Every Java developer faces this.

Most people Google it, find a StackOverflow answer saying "Just set spring.jpa.open-in-view=true" or "change @OneToMany to FetchType.EAGER", and move on.

Please don't do that. You are solving the error but creating a massive performance bottleneck.

Lazy Initialization Error Timeline

Why does this happen?

Hibernate uses Proxies. When you load a User, it doesn't load their Roles list from the database immediately (that's Lazy loading). Instead, it puts a placeholder (Proxy) there.

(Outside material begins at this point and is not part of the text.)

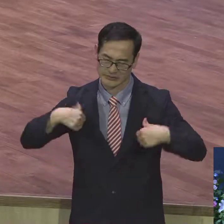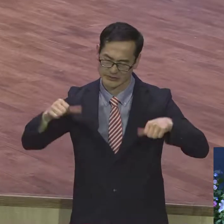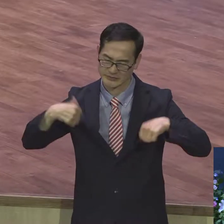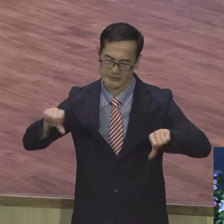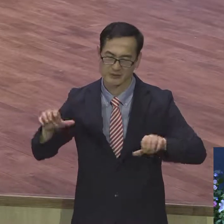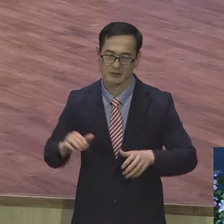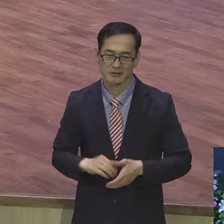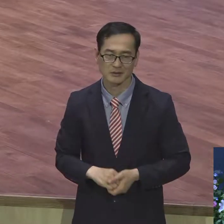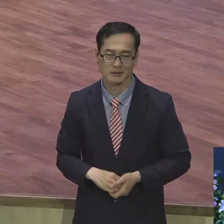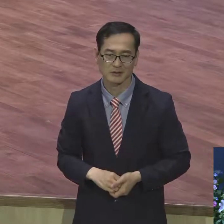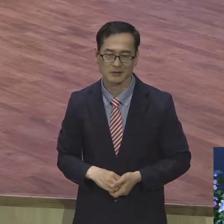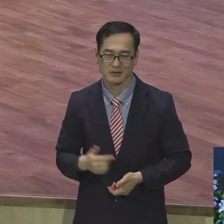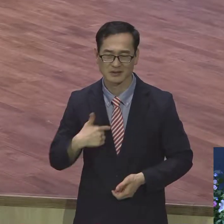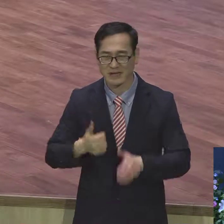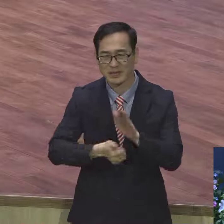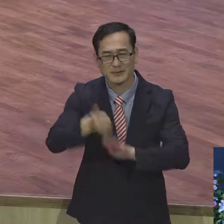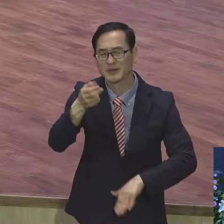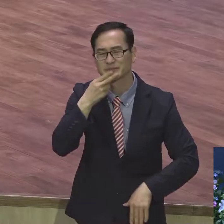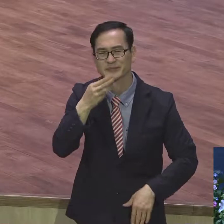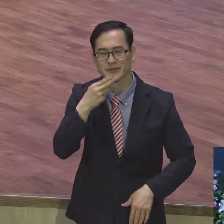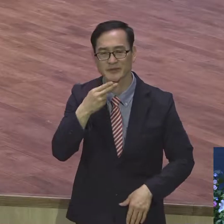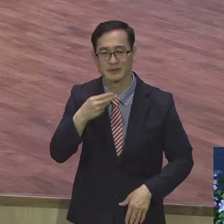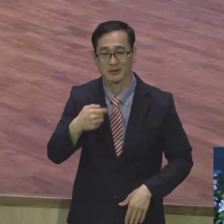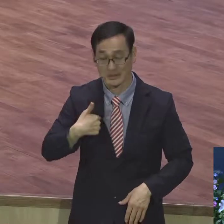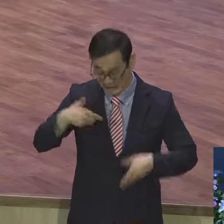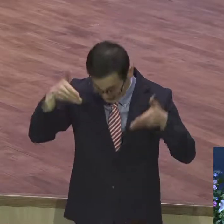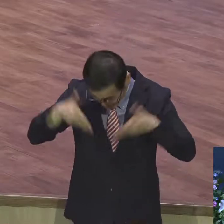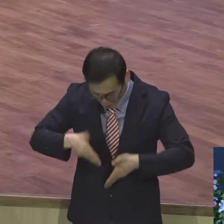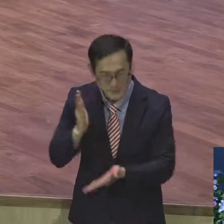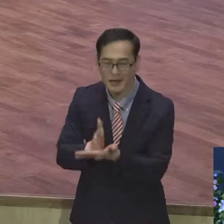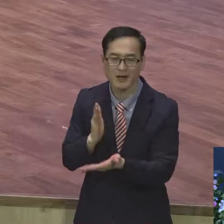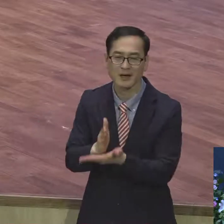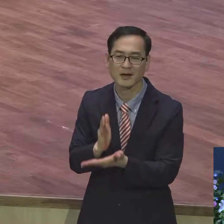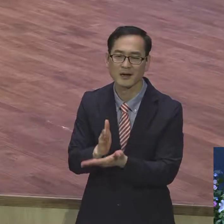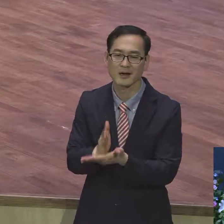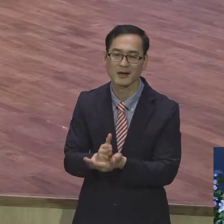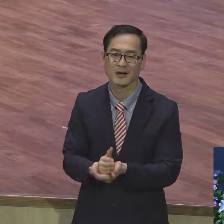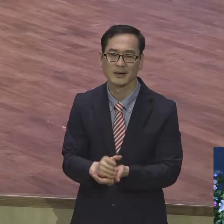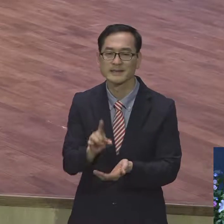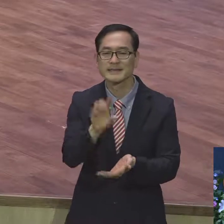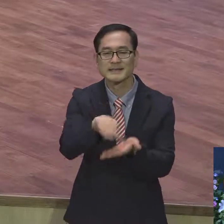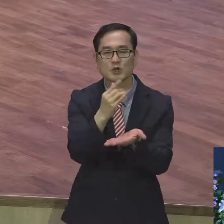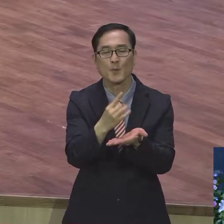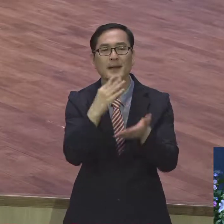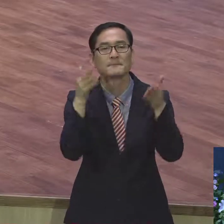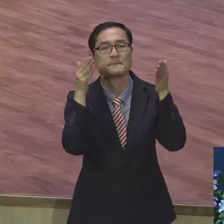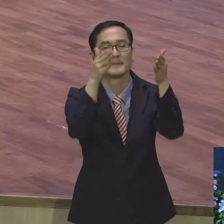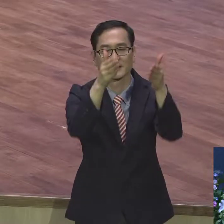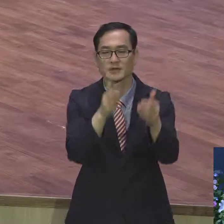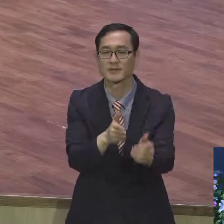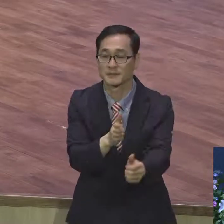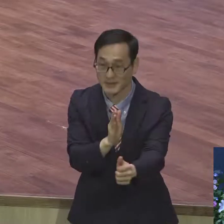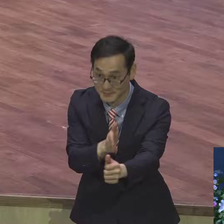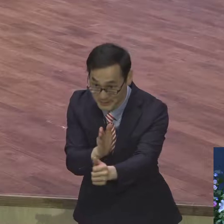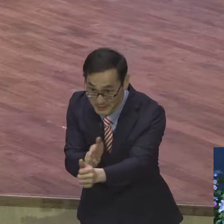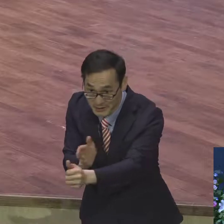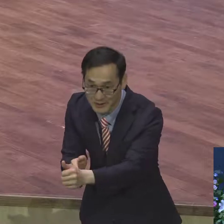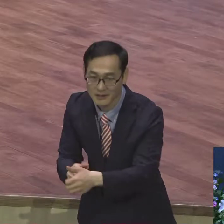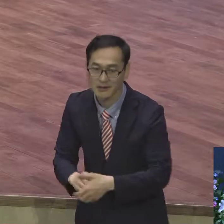없구나. 자기를 바라보면 그래요. 여러분 언제나 그리스도 바라보시바랍니다. 그리스도를 바라보니까 자기를 바라보는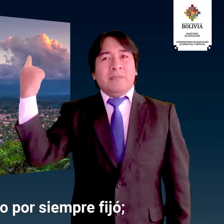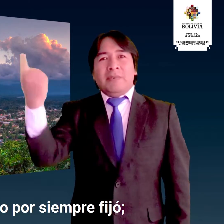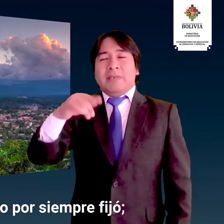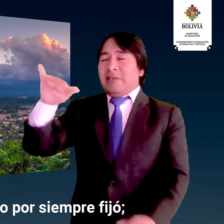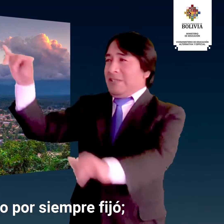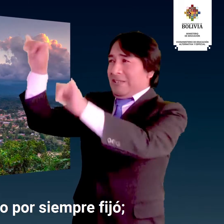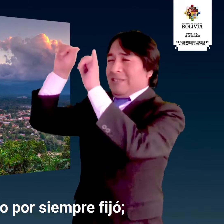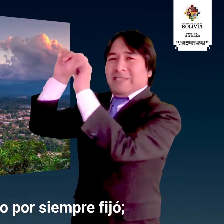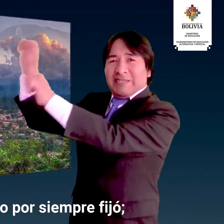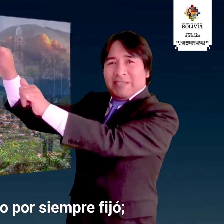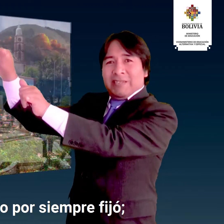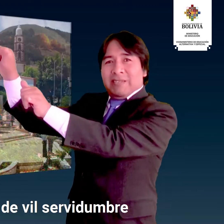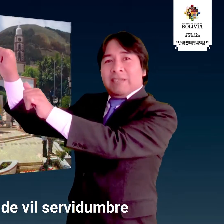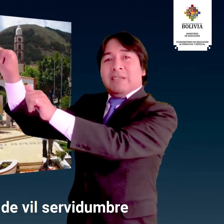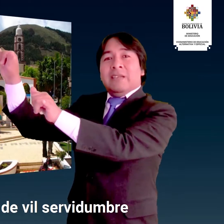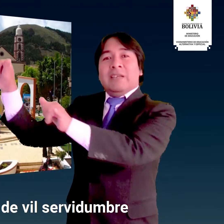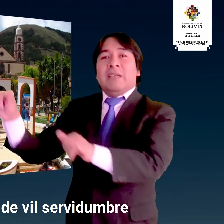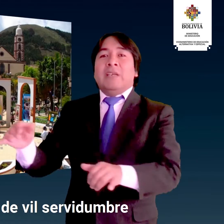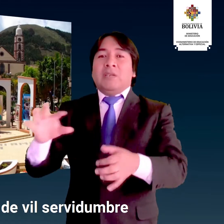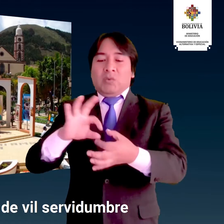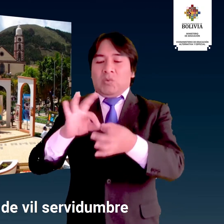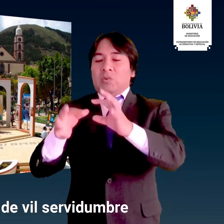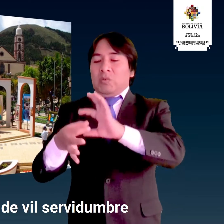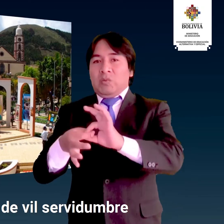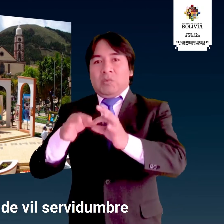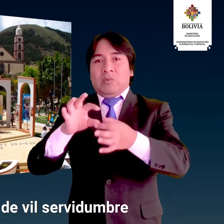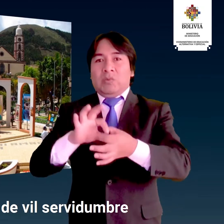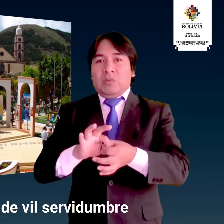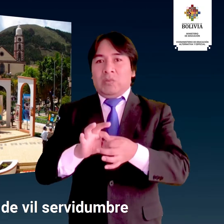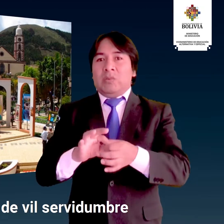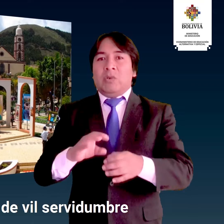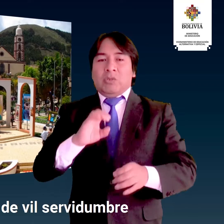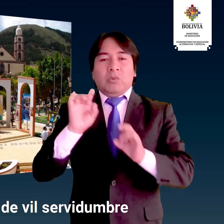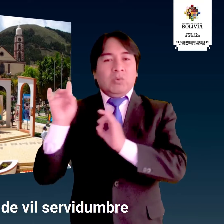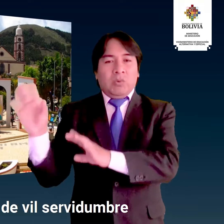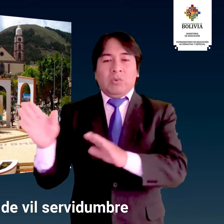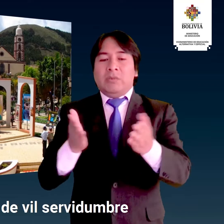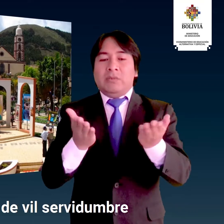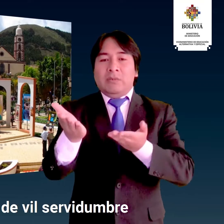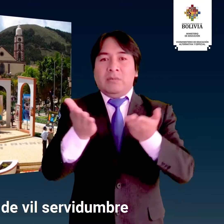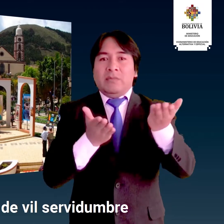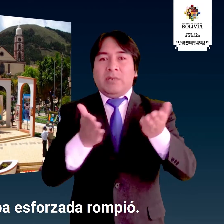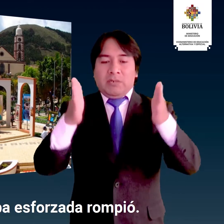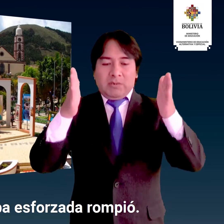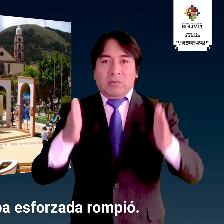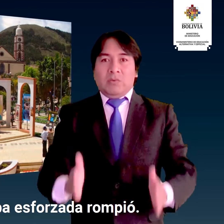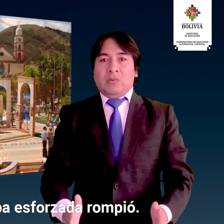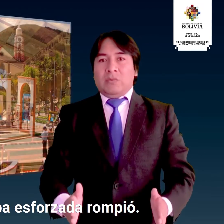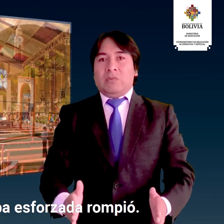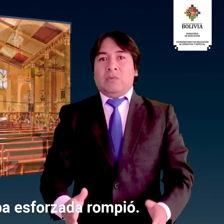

  1. Service Layer (Transaction Open): You fetch the User. The Session is alive.
  2. Controller Layer (Transaction Closed): The transaction finishes. The Hibernate Session closes. The data is "Detached".
  3. JSON Serialization: Jackson tries to turn your User into JSON. It calls user.getRoles().
  4. Boom: The Proxy tries to call the database to load the roles, but the connection is gone. LazyInitializationException.

Why is enable_lazy_load_no_trans a dangerous workaround?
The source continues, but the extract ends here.